Task directions
Your output should consist of the lines from the first line of the records below through the one with "#593 = EDGE_CURVE", exactly, minus the pictures.

Information shown
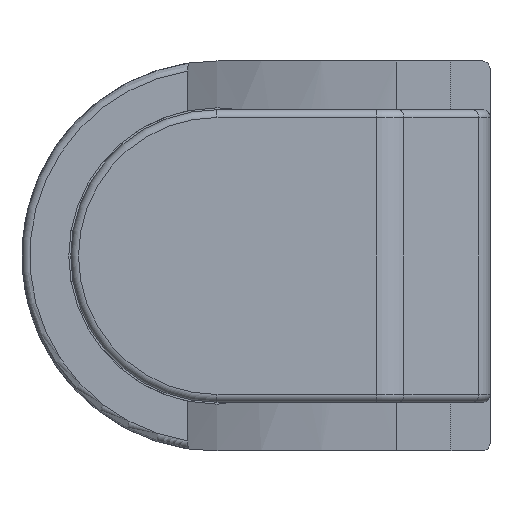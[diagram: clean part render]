
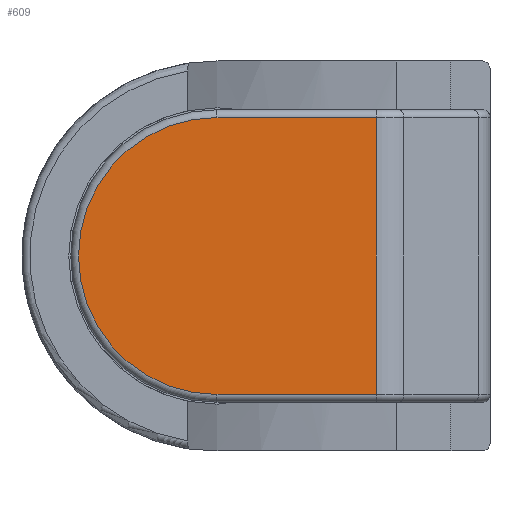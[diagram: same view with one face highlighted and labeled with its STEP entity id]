
A CAD part, front view. The second image highlights one B-rep face of the part: STEP entity #609.
In plain terms, the highlighted planar face has unit normal (0, -1, 0).
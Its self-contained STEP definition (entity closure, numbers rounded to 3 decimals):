
#592 = ORIENTED_EDGE ( 'NONE', *, *, #593, .T. ) ;
#593 = EDGE_CURVE ( 'NONE', #620, #613, #4222, .T. ) ;
#609 = ADVANCED_FACE ( 'NONE', ( #4258 ), #4257, .F. ) ;
#610 = EDGE_LOOP ( 'NONE', ( #611, #615, #618, #592 ) ) ;
#611 = ORIENTED_EDGE ( 'NONE', *, *, #612, .T. ) ;
#612 = EDGE_CURVE ( 'NONE', #613, #614, #4252, .T. ) ;
#613 = VERTEX_POINT ( 'NONE', #4248 ) ;
#614 = VERTEX_POINT ( 'NONE', #4247 ) ;
#615 = ORIENTED_EDGE ( 'NONE', *, *, #616, .T. ) ;
#616 = EDGE_CURVE ( 'NONE', #614, #617, #4246, .T. ) ;
#617 = VERTEX_POINT ( 'NONE', #4242 ) ;
#618 = ORIENTED_EDGE ( 'NONE', *, *, #619, .T. ) ;
#619 = EDGE_CURVE ( 'NONE', #617, #620, #4241, .T. ) ;
#620 = VERTEX_POINT ( 'NONE', #4236 ) ;
#4219 = DIRECTION ( 'NONE',  ( 1., 0., 0. ) ) ;
#4220 = VECTOR ( 'NONE', #4219, 1000. ) ;
#4221 = CARTESIAN_POINT ( 'NONE',  ( 0., 0., -7.1 ) ) ;
#4222 = LINE ( 'NONE', #4221, #4220 ) ;
#4236 = CARTESIAN_POINT ( 'NONE',  ( 0., 0., -7.1 ) ) ;
#4237 = DIRECTION ( 'NONE',  ( 0., 0., 1. ) ) ;
#4238 = DIRECTION ( 'NONE',  ( 0., -1., 0. ) ) ;
#4239 = CARTESIAN_POINT ( 'NONE',  ( 0., 0., 0. ) ) ;
#4240 = AXIS2_PLACEMENT_3D ( 'NONE', #4239, #4238, #4237 ) ;
#4241 = CIRCLE ( 'NONE', #4240, 7.1 ) ;
#4242 = CARTESIAN_POINT ( 'NONE',  ( 0., 0., 7.1 ) ) ;
#4243 = DIRECTION ( 'NONE',  ( -1., 0., 0. ) ) ;
#4244 = VECTOR ( 'NONE', #4243, 1000. ) ;
#4245 = CARTESIAN_POINT ( 'NONE',  ( 0., 0., 7.1 ) ) ;
#4246 = LINE ( 'NONE', #4245, #4244 ) ;
#4247 = CARTESIAN_POINT ( 'NONE',  ( 8.172, 0., 7.1 ) ) ;
#4248 = CARTESIAN_POINT ( 'NONE',  ( 8.172, 0., -7.1 ) ) ;
#4249 = DIRECTION ( 'NONE',  ( 0., 0., 1. ) ) ;
#4250 = VECTOR ( 'NONE', #4249, 1000. ) ;
#4251 = CARTESIAN_POINT ( 'NONE',  ( 8.172, 0., 7.5 ) ) ;
#4252 = LINE ( 'NONE', #4251, #4250 ) ;
#4253 = DIRECTION ( 'NONE',  ( 0., 0., 1. ) ) ;
#4254 = DIRECTION ( 'NONE',  ( 0., 1., 0. ) ) ;
#4255 = CARTESIAN_POINT ( 'NONE',  ( 0., 0., 0. ) ) ;
#4256 = AXIS2_PLACEMENT_3D ( 'NONE', #4255, #4254, #4253 ) ;
#4257 = PLANE ( 'NONE',  #4256 ) ;
#4258 = FACE_OUTER_BOUND ( 'NONE', #610, .T. ) ;

Solution to this exercise
[diagram: clean part render]
[diagram: same view with one face highlighted and labeled with its STEP entity id]
A CAD part, front view. The second image highlights one B-rep face of the part: STEP entity #609.
In plain terms, the highlighted planar face has unit normal (0, -1, 0).
Its self-contained STEP definition (entity closure, numbers rounded to 3 decimals):
#592 = ORIENTED_EDGE ( 'NONE', *, *, #593, .T. ) ;
#593 = EDGE_CURVE ( 'NONE', #620, #613, #4222, .T. ) ;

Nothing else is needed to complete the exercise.